## Additional hints for questions 1 and 3

- Question 1. In class I described an algorithm for solving the consensus
problem in the presence of stopping failures. The algorithm is the same as that
given in question 1 of the assignment, except that the number of rounds is
*f+1*, where *f* is an upper bound on the maximum number of
processors that
can fail.
The proof of correctness is as follows. There must be at least one round
of the algorithm when no processors fail; this is because if at least one
processor fails in each round then there would be *f+1* failures.

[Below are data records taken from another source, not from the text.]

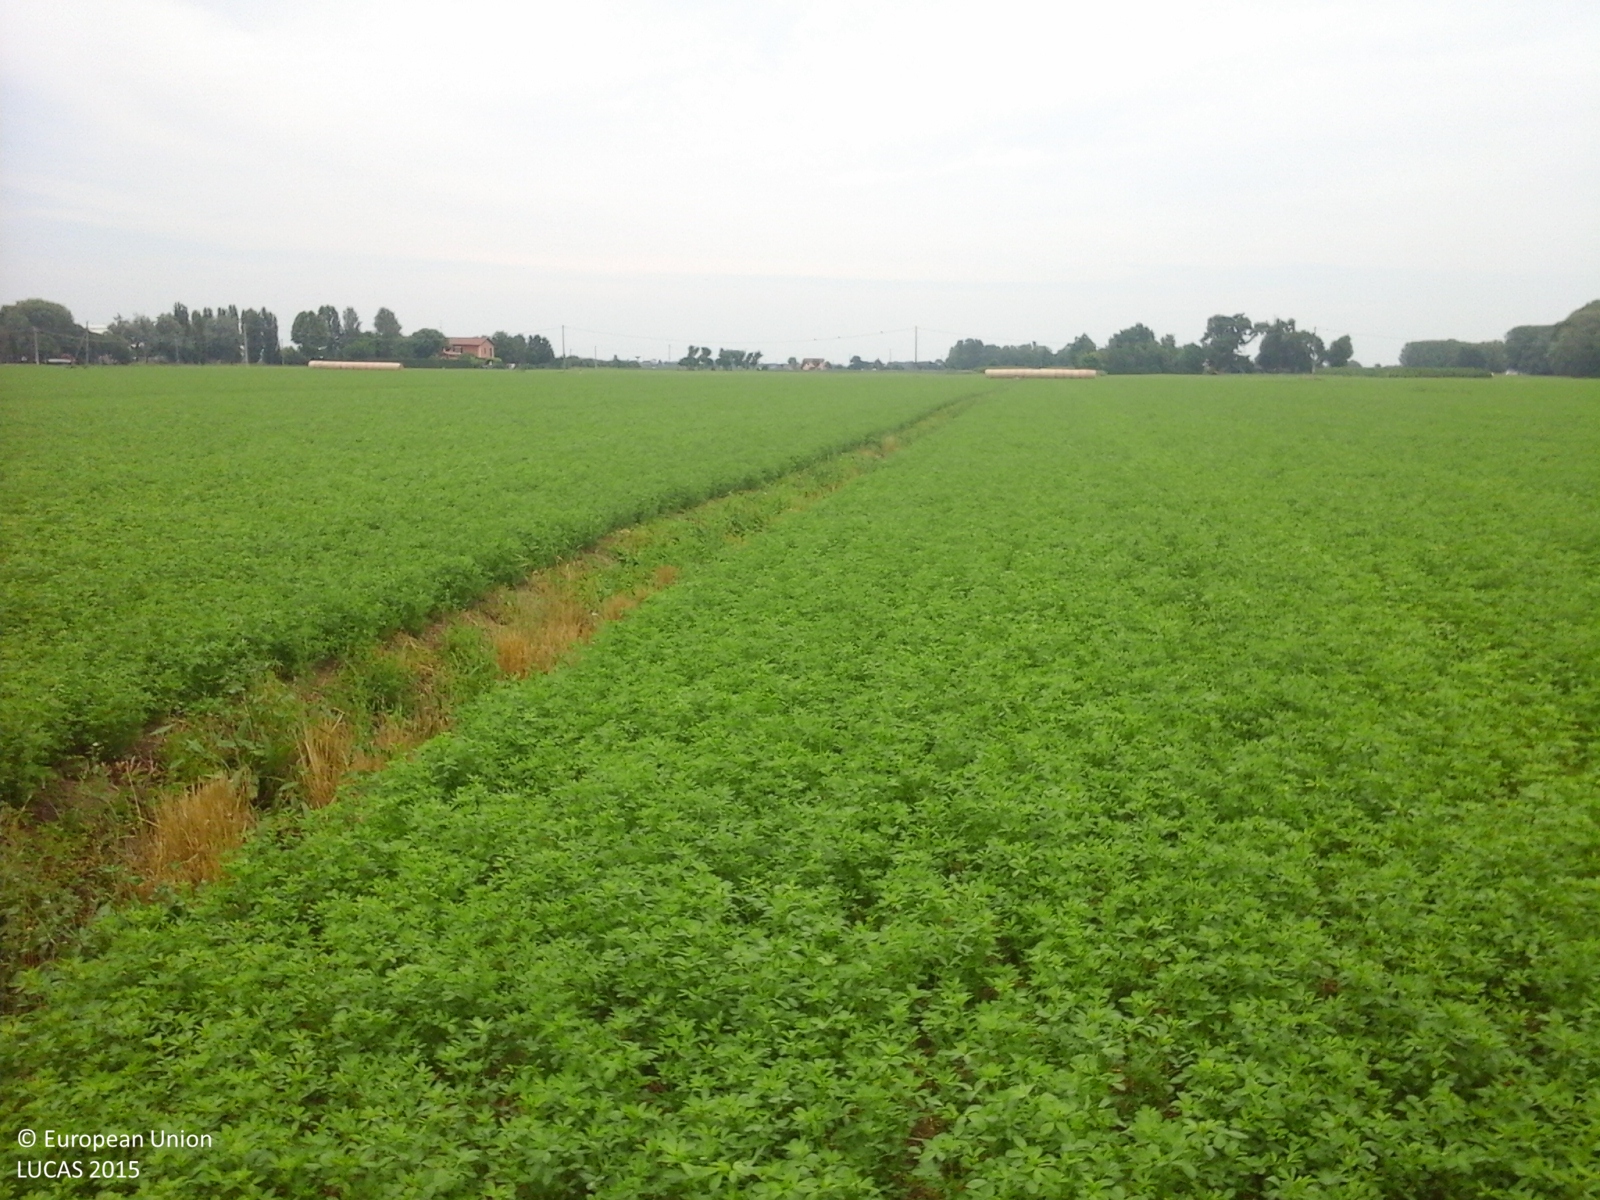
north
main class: Cropland
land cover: Lucerne
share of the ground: > 75 %
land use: Agriculture (excluding fallow land and kitchen gardens)
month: June
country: IT
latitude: 44.6151
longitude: 11.1192

Consider the round *i* when no processor fails. Notice that in this round
all messages are delivered, received and processed. Hence, at the end of this
round all processors will
have selected the same value *v*. In the following
rounds, if any, all processors send messages containing the value *v*,
so any processor failures happening in these rounds will not change the
value that the processors have selected and thus at the end the processors
will achieved consensus.
Your proof for the half consensus problem can have a similar structure as the
proof above. You need to show that there is one round *i*
when not too many
processors fail and use that to argue that at the end of the round the
total number of values that the processors will have selected cannot be
too large either. Then, argue that the rounds following the *i*-th one
cannot increase the number of different values that the processors have
selected.
- Question 3. Most of you have correctly selected the value of the one
addresses to store in the finger table. To determine the other and to
prove that it is the best possible one, assume that the address is that
of the successor of a processor at least a distance
*x* from the
ring identifier of the current processor. Then write an equation for the
number of messages that would have to be sent to find any key in the system.
This will be a function of *x*. Finally, minimize that function.